→ **Data for the task**:
++++++++

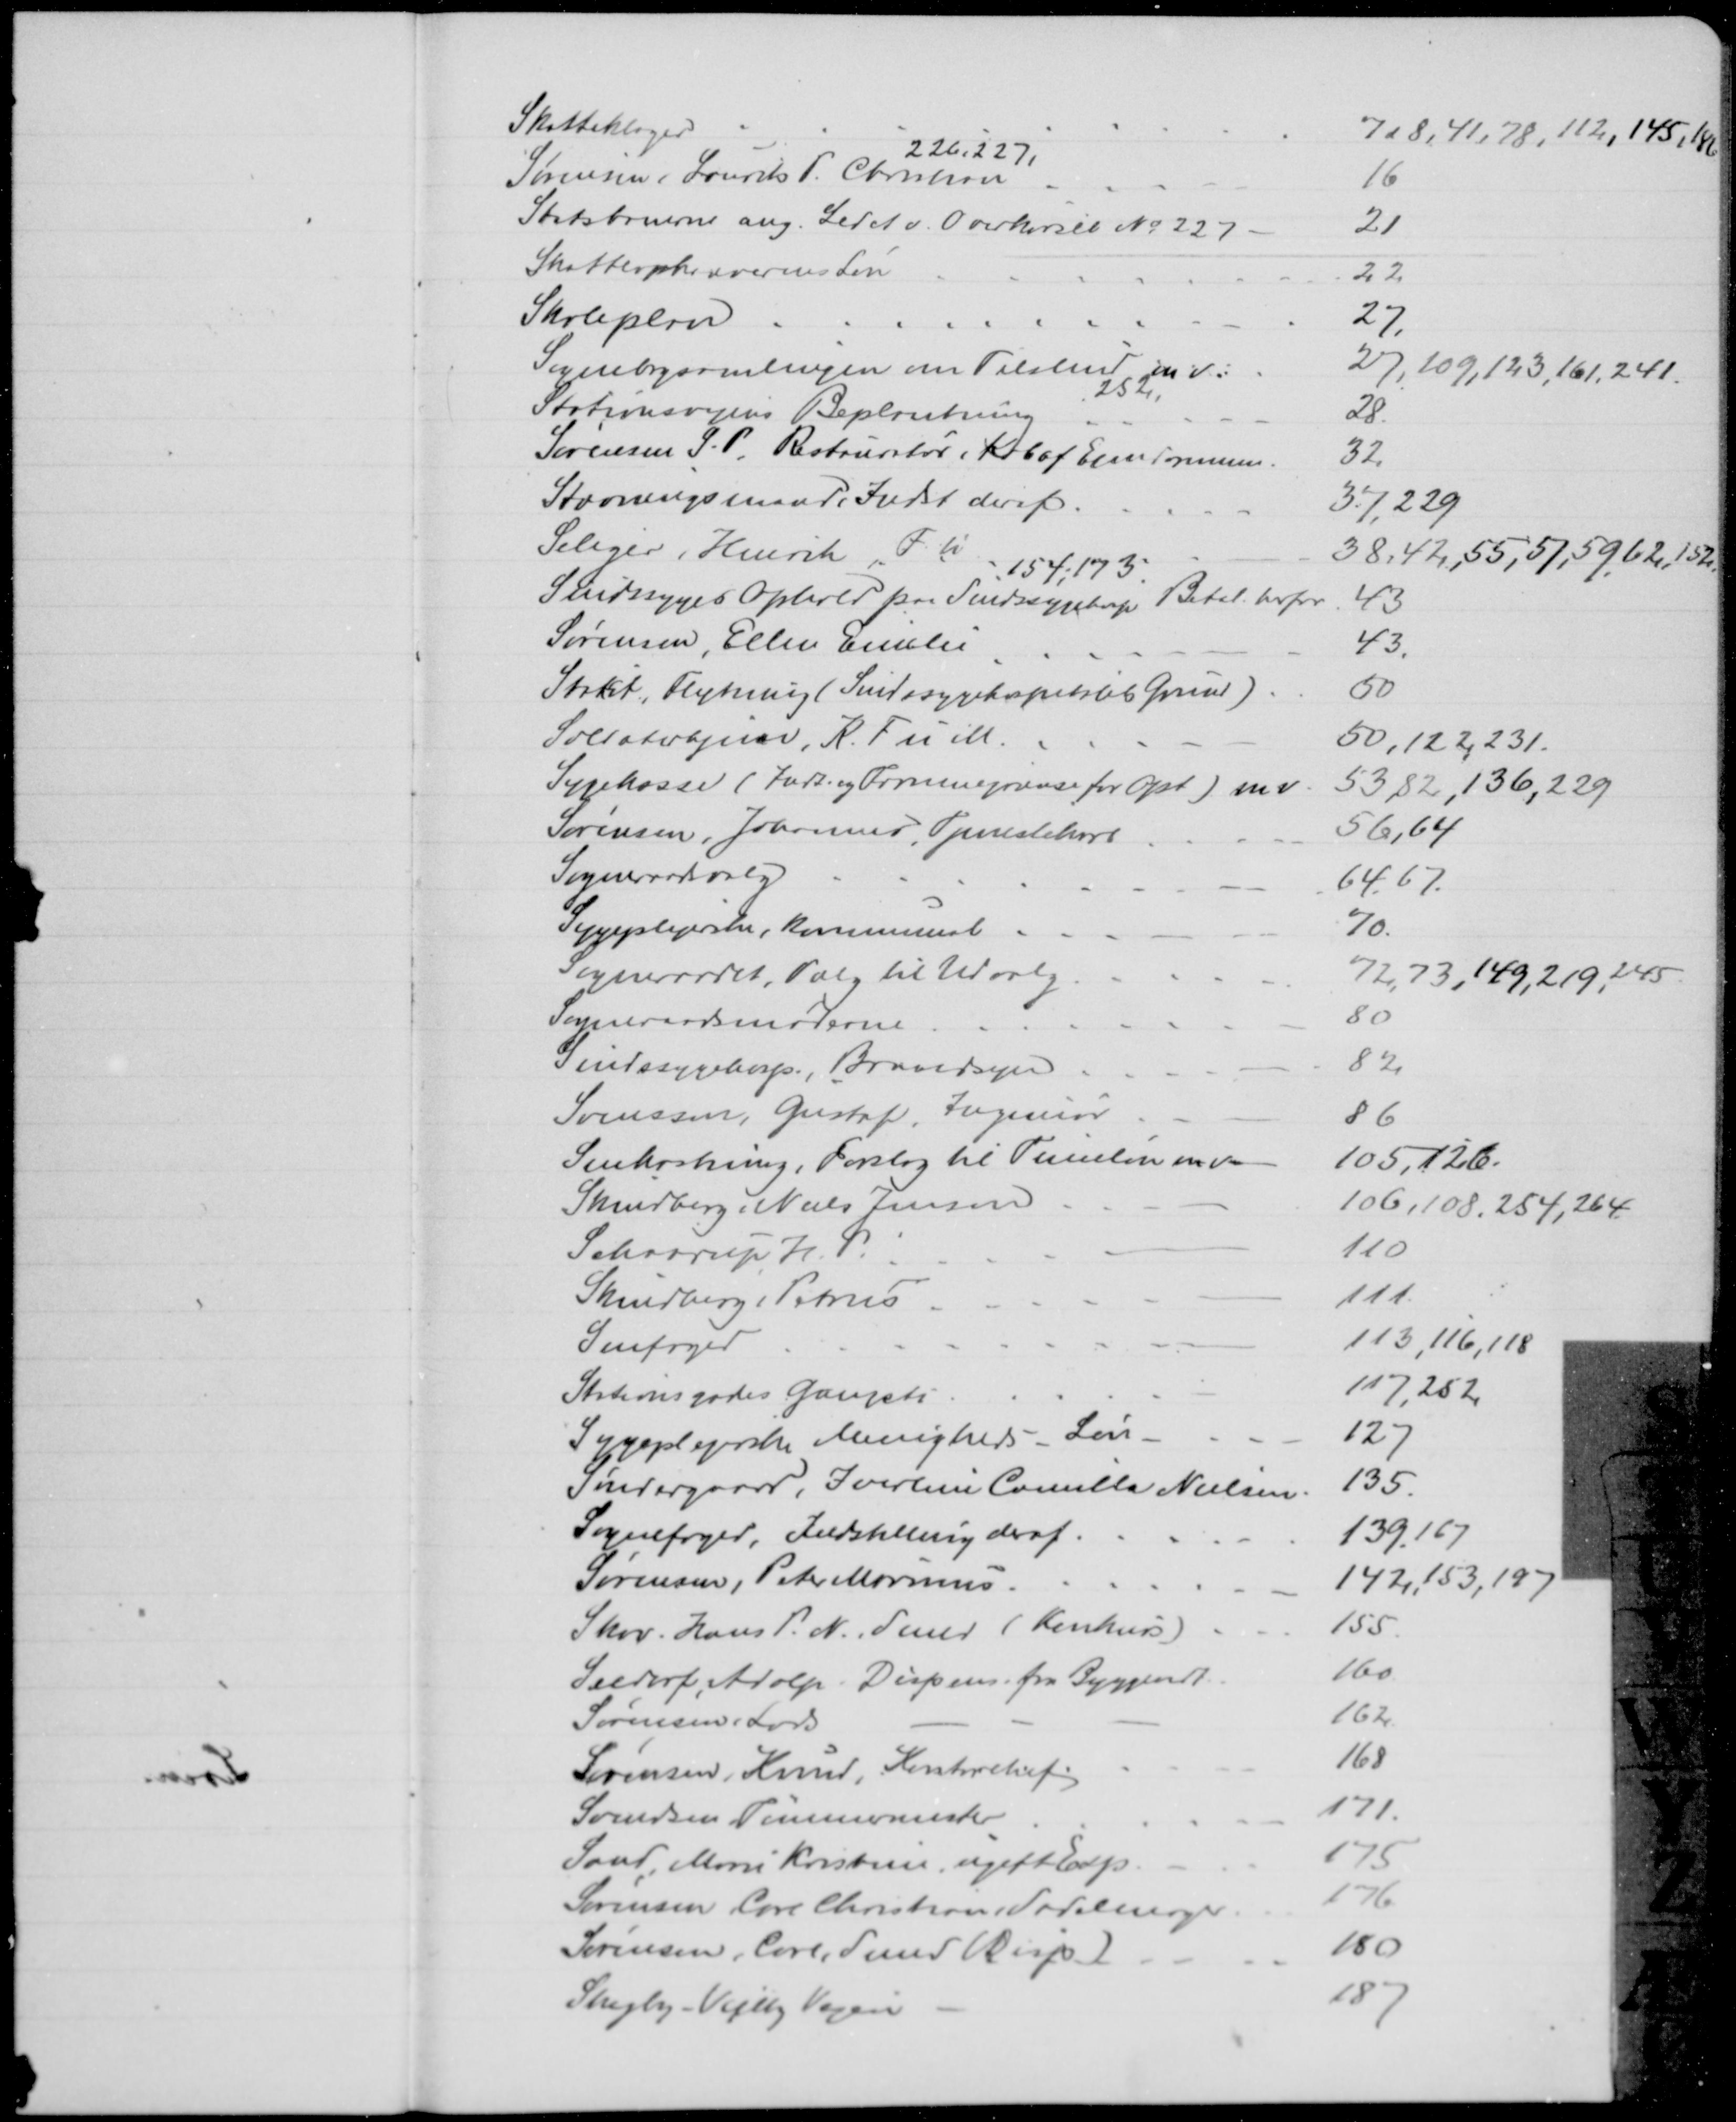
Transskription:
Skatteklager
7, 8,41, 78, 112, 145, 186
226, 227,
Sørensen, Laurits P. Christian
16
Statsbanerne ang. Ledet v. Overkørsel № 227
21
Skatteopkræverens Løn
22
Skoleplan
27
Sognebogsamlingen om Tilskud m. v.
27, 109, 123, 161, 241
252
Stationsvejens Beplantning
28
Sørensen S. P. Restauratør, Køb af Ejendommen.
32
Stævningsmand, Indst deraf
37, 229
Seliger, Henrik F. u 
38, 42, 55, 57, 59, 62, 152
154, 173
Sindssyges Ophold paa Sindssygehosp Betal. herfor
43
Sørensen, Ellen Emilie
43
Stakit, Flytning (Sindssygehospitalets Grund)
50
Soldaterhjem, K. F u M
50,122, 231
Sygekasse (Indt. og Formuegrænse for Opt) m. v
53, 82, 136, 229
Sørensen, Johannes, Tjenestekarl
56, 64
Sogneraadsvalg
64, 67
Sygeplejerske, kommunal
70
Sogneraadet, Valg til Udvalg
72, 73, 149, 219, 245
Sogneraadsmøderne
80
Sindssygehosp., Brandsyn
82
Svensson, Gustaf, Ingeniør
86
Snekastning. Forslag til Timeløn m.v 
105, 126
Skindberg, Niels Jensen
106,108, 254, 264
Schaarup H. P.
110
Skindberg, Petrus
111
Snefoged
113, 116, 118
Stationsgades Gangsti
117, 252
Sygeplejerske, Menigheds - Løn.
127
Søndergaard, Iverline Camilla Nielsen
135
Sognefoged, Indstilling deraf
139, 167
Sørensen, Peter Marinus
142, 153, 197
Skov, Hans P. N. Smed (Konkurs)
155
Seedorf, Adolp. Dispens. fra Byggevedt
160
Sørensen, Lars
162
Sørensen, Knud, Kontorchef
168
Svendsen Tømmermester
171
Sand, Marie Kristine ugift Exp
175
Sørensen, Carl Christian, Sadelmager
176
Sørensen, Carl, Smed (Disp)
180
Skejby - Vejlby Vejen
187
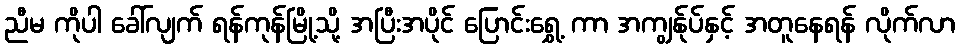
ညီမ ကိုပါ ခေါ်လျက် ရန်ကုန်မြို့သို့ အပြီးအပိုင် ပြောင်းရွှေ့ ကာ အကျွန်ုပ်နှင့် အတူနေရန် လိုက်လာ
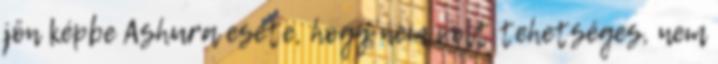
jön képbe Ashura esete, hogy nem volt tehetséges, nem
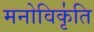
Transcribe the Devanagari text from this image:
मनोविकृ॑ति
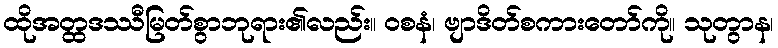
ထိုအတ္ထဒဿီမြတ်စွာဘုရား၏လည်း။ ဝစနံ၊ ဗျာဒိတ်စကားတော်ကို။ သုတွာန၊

++++++++

→ **Directions for this task**:
Word for word, copy the lines from the one with "ညီမ ကိုပါ ခေါ်လျက်" through the end of the entries above, and do not include any picture.

→ **Task response**:
ညီမ ကိုပါ ခေါ်လျက် ရန်ကုန်မြို့သို့ အပြီးအပိုင် ပြောင်းရွှေ့ ကာ အကျွန်ုပ်နှင့် အတူနေရန် လိုက်လာ
jön képbe Ashura esete, hogy nem volt tehetséges, nem
Transcribe the Devanagari text from this image:
मनोविकृ॑ति
ထိုအတ္ထဒဿီမြတ်စွာဘုရား၏လည်း။ ဝစနံ၊ ဗျာဒိတ်စကားတော်ကို။ သုတွာန၊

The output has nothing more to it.